Word for word, print out all of the data, omitting every image.
──────
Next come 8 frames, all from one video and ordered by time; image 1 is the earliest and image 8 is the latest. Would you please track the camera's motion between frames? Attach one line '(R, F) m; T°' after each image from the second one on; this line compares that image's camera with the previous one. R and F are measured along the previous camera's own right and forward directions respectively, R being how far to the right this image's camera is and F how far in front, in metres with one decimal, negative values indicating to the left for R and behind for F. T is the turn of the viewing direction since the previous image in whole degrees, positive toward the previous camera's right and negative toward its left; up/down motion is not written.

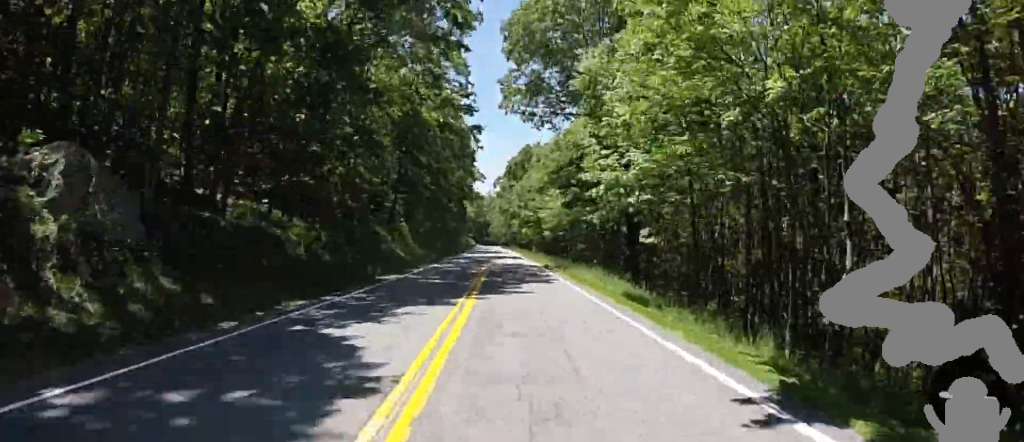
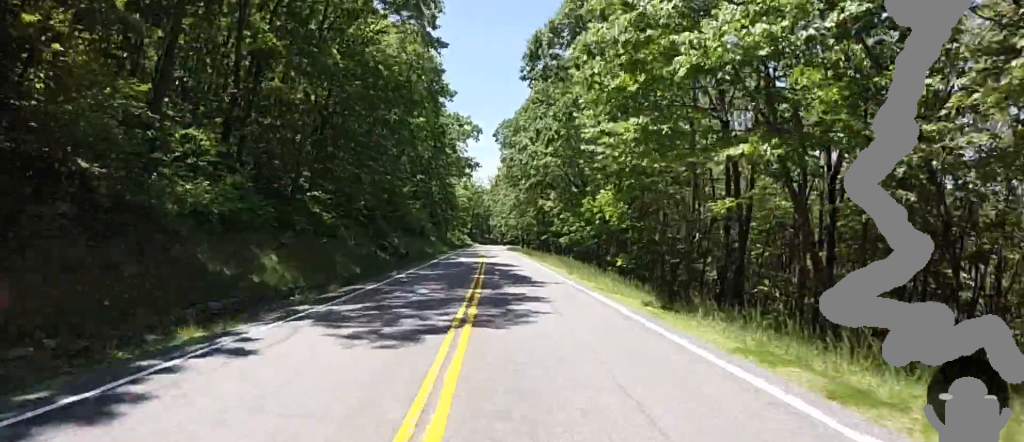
(-0.1, +45.8) m; 0°
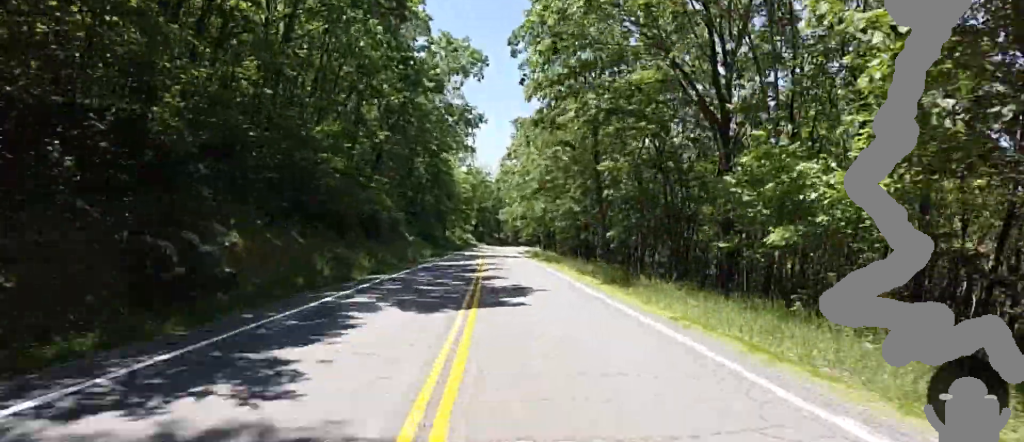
(0.0, +26.1) m; 0°
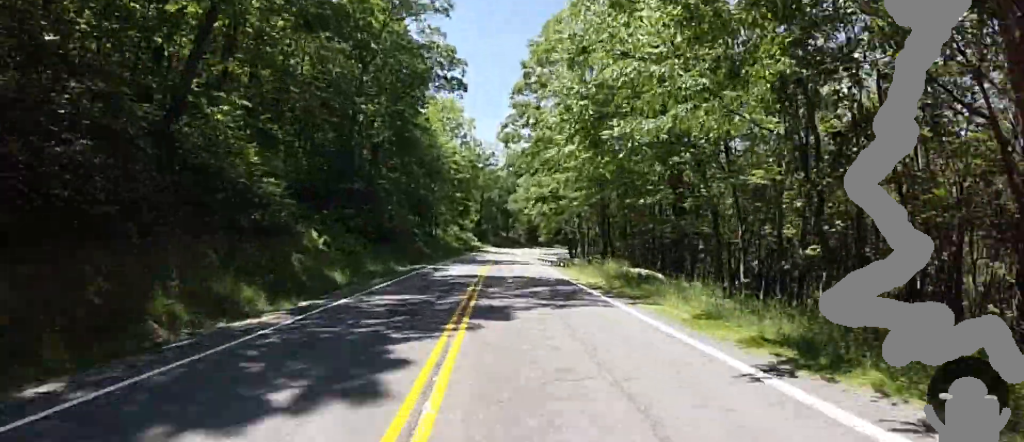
(+0.1, +25.4) m; +5°
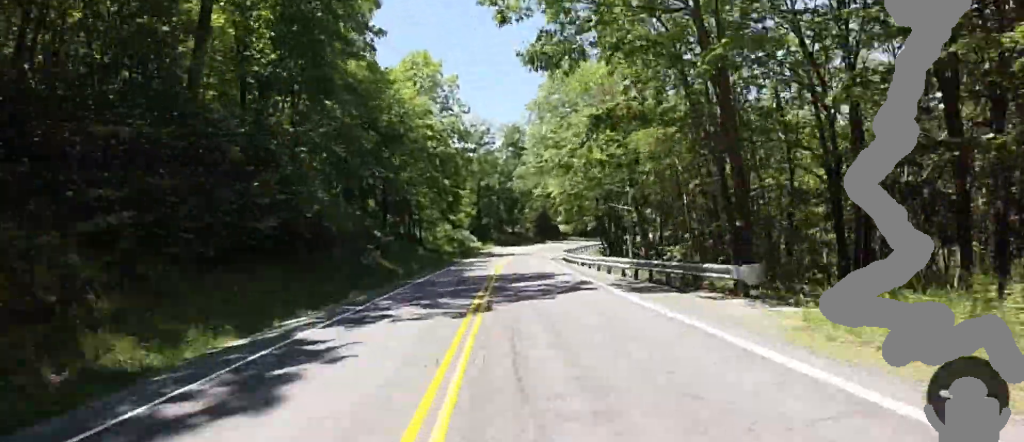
(+1.3, +17.4) m; +7°
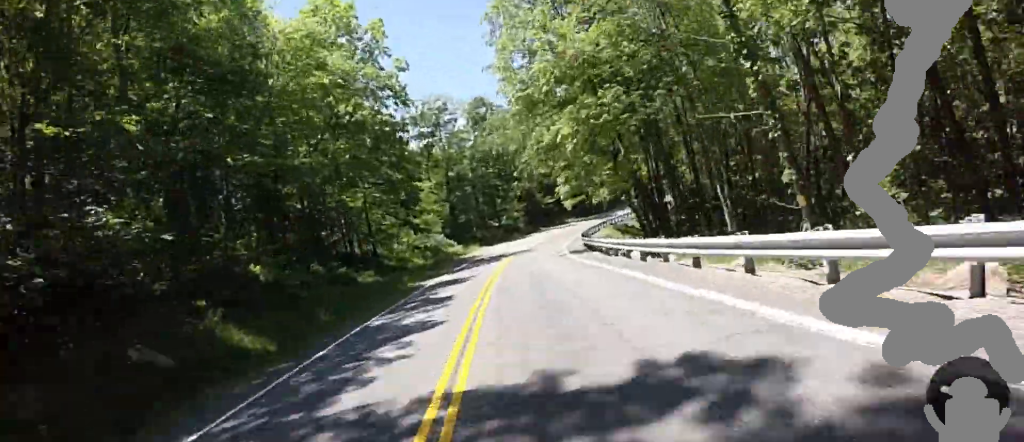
(+0.9, +15.6) m; 0°
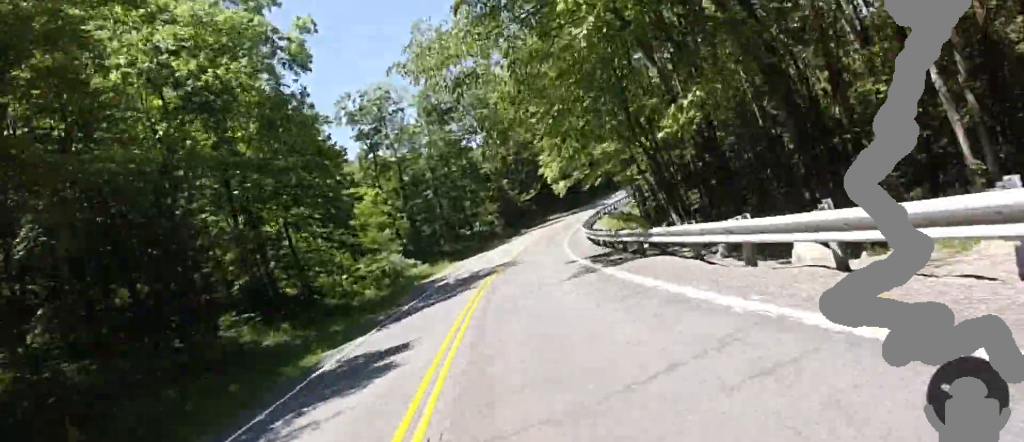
(+1.4, +10.6) m; -3°
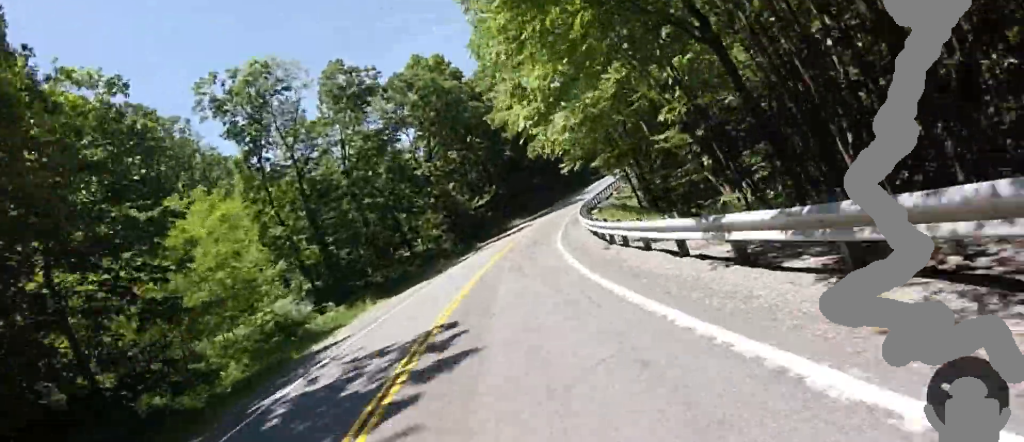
(-1.4, +14.1) m; -1°
──────
#### ANSWER SPACE:
Next come 8 frames, all from one video and ordered by time; image 1 is the earliest and image 8 is the latest. Would you please track the camera's motion between frames? Attach one line '(R, F) m; T°' after each image from the second one on; this line compares that image's camera with the previous one. R and F are measured along the previous camera's own right and forward directions respectively, R being how far to the right this image's camera is and F how far in front, in metres with one decimal, negative values indicating to the left for R and behind for F. T is the turn of the viewing direction since the previous image in whole degrees, positive toward the previous camera's right and negative toward its left; up/down motion is not written.

(-0.1, +45.8) m; 0°
(0.0, +26.1) m; 0°
(+0.1, +25.4) m; +5°
(+1.3, +17.4) m; +7°
(+0.9, +15.6) m; 0°
(+1.4, +10.6) m; -3°
(-1.4, +14.1) m; -1°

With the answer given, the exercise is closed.